À première vue, l’essor du secteur immobilier à Goma peut être perçu comme un signe de progrès. De nouveaux bâtiments émergent, des projets résidentiels et commerciaux se multiplient, et la ville semble s’engager sur la voie de la modernisation. Pourtant, derrière cette dynamique se pose une question essentielle : cette croissance bénéficie-t-elle réellement à l’ensemble des habitants, ou risque-t-elle de creuser davantage les inégalités urbaines et sociales ?

L’un des effets les plus visibles de cette mutation est la spéculation foncière.

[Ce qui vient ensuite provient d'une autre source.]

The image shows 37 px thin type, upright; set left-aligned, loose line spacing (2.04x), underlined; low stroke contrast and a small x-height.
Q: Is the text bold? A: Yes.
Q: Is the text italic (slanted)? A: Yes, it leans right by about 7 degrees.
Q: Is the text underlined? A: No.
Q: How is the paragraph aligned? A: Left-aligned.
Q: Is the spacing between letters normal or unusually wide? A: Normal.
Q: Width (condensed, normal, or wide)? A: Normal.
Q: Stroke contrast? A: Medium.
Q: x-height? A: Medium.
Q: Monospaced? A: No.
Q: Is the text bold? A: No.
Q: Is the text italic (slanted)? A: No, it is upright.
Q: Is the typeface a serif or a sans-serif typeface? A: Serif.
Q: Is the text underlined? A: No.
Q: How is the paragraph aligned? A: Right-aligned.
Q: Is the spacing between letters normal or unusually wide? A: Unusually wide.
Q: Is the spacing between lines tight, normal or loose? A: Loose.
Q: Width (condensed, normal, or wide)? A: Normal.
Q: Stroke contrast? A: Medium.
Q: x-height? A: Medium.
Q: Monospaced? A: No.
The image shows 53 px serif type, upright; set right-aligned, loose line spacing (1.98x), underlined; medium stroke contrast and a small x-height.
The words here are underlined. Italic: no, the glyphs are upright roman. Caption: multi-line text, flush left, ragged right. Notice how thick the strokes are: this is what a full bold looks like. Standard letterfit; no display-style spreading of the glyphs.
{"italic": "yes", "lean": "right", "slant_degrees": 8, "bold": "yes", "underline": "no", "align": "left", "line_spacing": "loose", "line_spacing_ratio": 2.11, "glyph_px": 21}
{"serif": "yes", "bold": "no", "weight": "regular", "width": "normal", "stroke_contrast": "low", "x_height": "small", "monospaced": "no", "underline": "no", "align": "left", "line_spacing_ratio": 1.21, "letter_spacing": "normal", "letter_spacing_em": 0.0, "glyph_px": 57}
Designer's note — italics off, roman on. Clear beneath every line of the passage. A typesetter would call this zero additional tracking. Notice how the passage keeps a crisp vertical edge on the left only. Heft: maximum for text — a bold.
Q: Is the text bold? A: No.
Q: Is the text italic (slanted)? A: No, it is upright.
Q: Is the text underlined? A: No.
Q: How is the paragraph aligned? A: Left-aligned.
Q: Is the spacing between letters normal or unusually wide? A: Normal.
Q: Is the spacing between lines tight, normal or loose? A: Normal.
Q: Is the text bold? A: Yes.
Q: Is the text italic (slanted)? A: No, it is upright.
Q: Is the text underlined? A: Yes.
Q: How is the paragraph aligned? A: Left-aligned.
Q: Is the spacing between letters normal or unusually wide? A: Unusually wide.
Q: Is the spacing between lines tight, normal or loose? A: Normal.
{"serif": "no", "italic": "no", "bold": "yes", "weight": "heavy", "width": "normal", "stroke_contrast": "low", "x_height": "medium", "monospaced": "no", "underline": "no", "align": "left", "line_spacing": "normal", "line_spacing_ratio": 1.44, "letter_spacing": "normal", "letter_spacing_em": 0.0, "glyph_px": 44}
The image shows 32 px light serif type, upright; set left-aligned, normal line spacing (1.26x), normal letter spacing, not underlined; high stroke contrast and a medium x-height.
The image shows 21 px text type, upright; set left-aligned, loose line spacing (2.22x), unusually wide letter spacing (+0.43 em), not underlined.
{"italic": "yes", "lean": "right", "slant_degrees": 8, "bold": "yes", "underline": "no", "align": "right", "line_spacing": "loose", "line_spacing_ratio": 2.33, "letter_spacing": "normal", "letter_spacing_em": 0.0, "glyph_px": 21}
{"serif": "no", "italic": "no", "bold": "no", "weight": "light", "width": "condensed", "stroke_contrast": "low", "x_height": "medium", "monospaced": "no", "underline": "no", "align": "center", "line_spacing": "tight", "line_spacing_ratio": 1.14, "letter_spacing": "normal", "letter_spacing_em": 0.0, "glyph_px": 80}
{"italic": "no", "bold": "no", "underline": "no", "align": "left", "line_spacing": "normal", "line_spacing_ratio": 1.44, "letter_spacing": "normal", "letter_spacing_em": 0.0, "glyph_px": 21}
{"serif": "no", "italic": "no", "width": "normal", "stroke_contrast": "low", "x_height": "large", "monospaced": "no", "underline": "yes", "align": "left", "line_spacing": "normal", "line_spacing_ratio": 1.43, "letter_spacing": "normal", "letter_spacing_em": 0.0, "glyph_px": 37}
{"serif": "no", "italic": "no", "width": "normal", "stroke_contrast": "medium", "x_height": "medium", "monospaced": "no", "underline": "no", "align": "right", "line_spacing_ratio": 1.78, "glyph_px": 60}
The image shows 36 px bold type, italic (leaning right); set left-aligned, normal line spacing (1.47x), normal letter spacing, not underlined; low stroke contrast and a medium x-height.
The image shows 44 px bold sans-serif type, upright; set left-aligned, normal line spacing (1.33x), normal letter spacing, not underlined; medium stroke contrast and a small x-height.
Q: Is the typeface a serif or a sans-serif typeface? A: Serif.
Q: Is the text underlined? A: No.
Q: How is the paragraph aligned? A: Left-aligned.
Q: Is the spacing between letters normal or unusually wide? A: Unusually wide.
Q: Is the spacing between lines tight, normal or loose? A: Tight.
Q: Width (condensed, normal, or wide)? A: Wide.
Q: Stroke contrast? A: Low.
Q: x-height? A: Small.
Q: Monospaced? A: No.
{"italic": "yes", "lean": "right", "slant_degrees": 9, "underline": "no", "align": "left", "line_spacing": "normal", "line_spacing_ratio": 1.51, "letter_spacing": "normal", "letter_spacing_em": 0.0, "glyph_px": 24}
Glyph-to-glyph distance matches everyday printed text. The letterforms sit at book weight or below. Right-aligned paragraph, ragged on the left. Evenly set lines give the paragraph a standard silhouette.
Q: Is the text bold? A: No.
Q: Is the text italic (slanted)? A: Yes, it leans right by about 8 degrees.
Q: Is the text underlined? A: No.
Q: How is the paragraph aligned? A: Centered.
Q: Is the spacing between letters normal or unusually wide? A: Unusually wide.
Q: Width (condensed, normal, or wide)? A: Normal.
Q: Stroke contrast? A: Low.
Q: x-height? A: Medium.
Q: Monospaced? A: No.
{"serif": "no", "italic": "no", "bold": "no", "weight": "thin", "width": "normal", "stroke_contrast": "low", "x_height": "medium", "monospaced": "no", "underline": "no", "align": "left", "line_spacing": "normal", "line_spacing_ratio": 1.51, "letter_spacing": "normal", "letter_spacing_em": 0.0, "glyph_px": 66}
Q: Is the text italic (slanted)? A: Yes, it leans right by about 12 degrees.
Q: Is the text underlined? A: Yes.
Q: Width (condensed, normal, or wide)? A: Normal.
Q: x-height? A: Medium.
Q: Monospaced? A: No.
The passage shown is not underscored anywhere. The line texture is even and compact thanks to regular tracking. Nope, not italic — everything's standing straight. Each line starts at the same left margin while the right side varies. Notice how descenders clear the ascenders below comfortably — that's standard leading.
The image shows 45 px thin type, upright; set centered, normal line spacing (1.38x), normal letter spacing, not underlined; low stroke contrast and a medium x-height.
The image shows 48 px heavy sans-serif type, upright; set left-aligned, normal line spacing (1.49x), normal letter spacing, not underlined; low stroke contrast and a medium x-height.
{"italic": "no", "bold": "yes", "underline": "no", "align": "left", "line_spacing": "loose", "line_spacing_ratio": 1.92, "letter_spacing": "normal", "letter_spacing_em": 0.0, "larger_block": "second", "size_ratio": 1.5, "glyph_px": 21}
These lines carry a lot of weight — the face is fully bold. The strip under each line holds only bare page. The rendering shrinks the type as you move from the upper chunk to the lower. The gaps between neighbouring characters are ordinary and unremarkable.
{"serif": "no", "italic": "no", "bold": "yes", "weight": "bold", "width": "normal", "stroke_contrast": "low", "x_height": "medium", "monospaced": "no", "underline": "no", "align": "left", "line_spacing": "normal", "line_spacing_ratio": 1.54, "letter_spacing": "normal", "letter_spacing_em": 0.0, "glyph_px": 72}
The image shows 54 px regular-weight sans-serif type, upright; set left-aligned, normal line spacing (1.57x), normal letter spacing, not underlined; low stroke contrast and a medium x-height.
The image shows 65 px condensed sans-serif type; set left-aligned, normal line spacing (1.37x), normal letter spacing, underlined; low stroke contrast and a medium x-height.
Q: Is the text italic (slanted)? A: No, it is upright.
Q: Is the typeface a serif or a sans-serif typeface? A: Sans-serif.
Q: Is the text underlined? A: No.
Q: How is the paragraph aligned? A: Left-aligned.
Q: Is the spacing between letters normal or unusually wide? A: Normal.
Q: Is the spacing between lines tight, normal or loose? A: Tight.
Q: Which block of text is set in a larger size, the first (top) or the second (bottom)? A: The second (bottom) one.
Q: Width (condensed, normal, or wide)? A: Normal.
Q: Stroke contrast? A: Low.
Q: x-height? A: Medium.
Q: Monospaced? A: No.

La rareté progressive des terrains constructibles, combinée à une demande croissante, a entraîné une flambée des prix des parcelles et des loyers. Pour de nombreux ménages gomatraciens, accéder à un logement devient de plus en plus difficile. Certains sont contraints de s’éloigner du centre-ville, d’autres vivent dans des conditions précaires, sans sécurité juridique ni accès adéquat aux services de base.

Cette pression immobilière alimente également un risque d’exclusion sociale. Lorsque le marché immobilier se développe principalement au profit des investisseurs les plus solvables, une partie importante de la population se retrouve marginalisée. La ville se fragmente alors entre zones modernes, bien équipées, et quartiers sous-dotés, où les infrastructures peinent à suivre le rythme de la croissance démographique.

L’absence ou la faiblesse de la régulation accentue ces dérives. Sans règles claires et appliquées, le développement immobilier peut devenir anarchique, favorisant les abus fonciers, les constructions dans des zones à risque et la dégradation de l’environnement urbain. À Goma, où les contraintes naturelles sont déjà fortes, cette situation représente un danger à long terme, tant pour les habitants que pour les investisseurs eux-mêmes.

Pourtant, il ne s’agit pas de freiner le développement immobilier, mais de l’orienter. Une régulation équilibrée, associée à une planification urbaine rigoureuse, peut transformer le secteur en un véritable levier de développement inclusif. Cela implique une meilleure sécurisation foncière, des politiques de logement accessibles, et un contrôle effectif des pratiques spéculatives.

L’immobilier à Goma est donc à un tournant. S’il est laissé aux seules lois du marché, il risque d’accentuer les fractures sociales et urbaines. Mais s’il est encadré par une vision claire, concertée et équitable, il peut devenir un outil puissant pour construire une ville plus juste, plus résiliente et mieux préparée pour l’avenir. La question n’est plus de savoir si Goma doit se développer, mais comment elle choisit de le faire, et pour qui.